A faithful copy of the entries is needed, one that leaves out the pictures.

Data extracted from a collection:
§ §
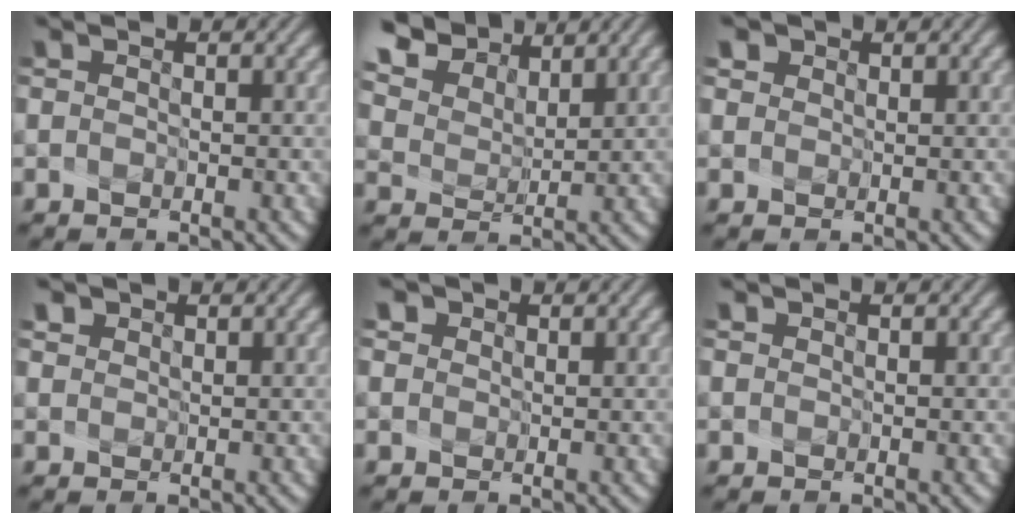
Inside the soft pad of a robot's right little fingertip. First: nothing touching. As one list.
[{"total": 7.8, "force": [6.2, 3.8, 2.5], "torque": [-0.100, 0.012, 0.123]}, {"total": 2.2, "force": [1.3, 1.6, 0.7], "torque": [-0.004, 0.020, 0.009]}, {"total": 1.5, "force": [1.0, 1.0, 0.3], "torque": [-0.011, 0.014, 0.018]}, {"total": 2.0, "force": [1.1, 1.6, 0.6], "torque": [-0.002, 0.022, 0.004]}, {"total": 0.0}]
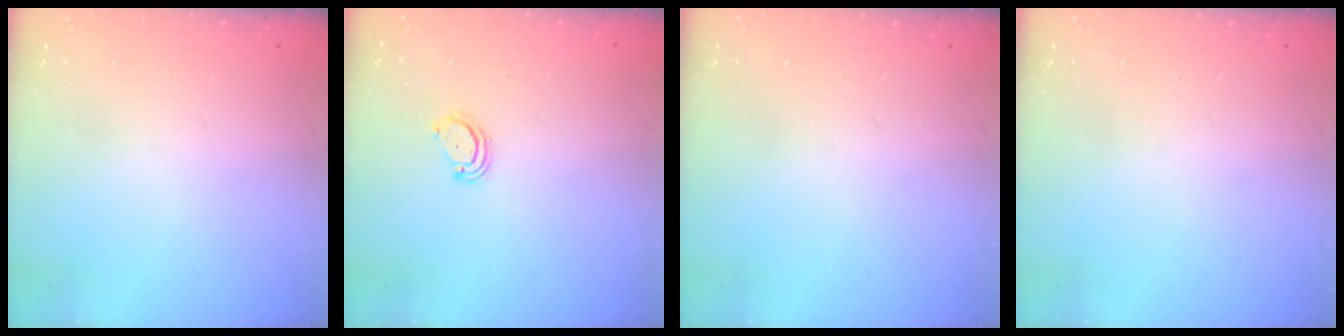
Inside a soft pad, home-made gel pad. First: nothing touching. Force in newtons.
{"total": 3.0, "press": 3.0, "slide": 0.2}
{"total": 0.0}
{"total": 0.0}
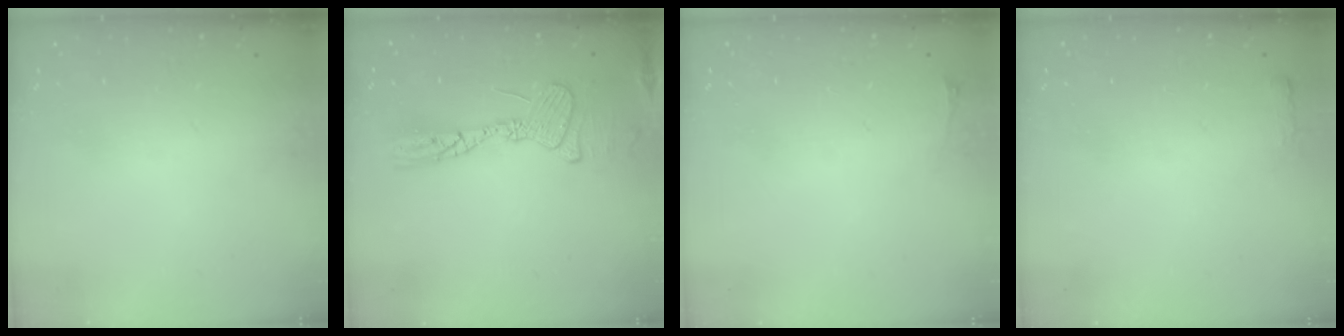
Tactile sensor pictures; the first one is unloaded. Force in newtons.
{"total": 13.1, "press": 13.1, "slide": 0.3}
{"total": 2.8, "press": 2.1, "slide": 1.9}
{"total": 2.4, "press": 2.4, "slide": 0.4}
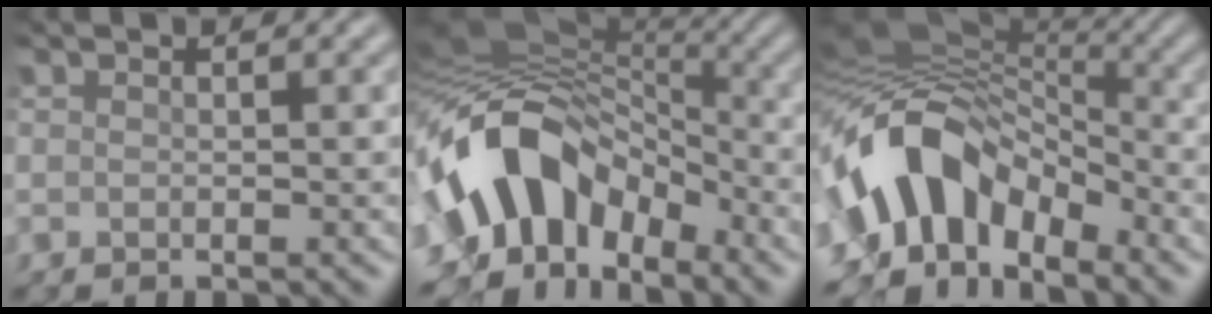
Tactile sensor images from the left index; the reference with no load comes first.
{"total": 11.3, "force": [-4.3, 7.9, 6.9], "torque": [-0.118, 0.015, -0.090]}
{"total": 10.2, "force": [-4.6, 6.7, 6.2], "torque": [-0.103, 0.018, -0.095]}
§ §
• **Answer box**
Inside the soft pad of a robot's right little fingertip. First: nothing touching. As one list.
[{"total": 7.8, "force": [6.2, 3.8, 2.5], "torque": [-0.100, 0.012, 0.123]}, {"total": 2.2, "force": [1.3, 1.6, 0.7], "torque": [-0.004, 0.020, 0.009]}, {"total": 1.5, "force": [1.0, 1.0, 0.3], "torque": [-0.011, 0.014, 0.018]}, {"total": 2.0, "force": [1.1, 1.6, 0.6], "torque": [-0.002, 0.022, 0.004]}, {"total": 0.0}]
Inside a soft pad, home-made gel pad. First: nothing touching. Force in newtons.
{"total": 3.0, "press": 3.0, "slide": 0.2}
{"total": 0.0}
{"total": 0.0}
Tactile sensor pictures; the first one is unloaded. Force in newtons.
{"total": 13.1, "press": 13.1, "slide": 0.3}
{"total": 2.8, "press": 2.1, "slide": 1.9}
{"total": 2.4, "press": 2.4, "slide": 0.4}
Tactile sensor images from the left index; the reference with no load comes first.
{"total": 11.3, "force": [-4.3, 7.9, 6.9], "torque": [-0.118, 0.015, -0.090]}
{"total": 10.2, "force": [-4.6, 6.7, 6.2], "torque": [-0.103, 0.018, -0.095]}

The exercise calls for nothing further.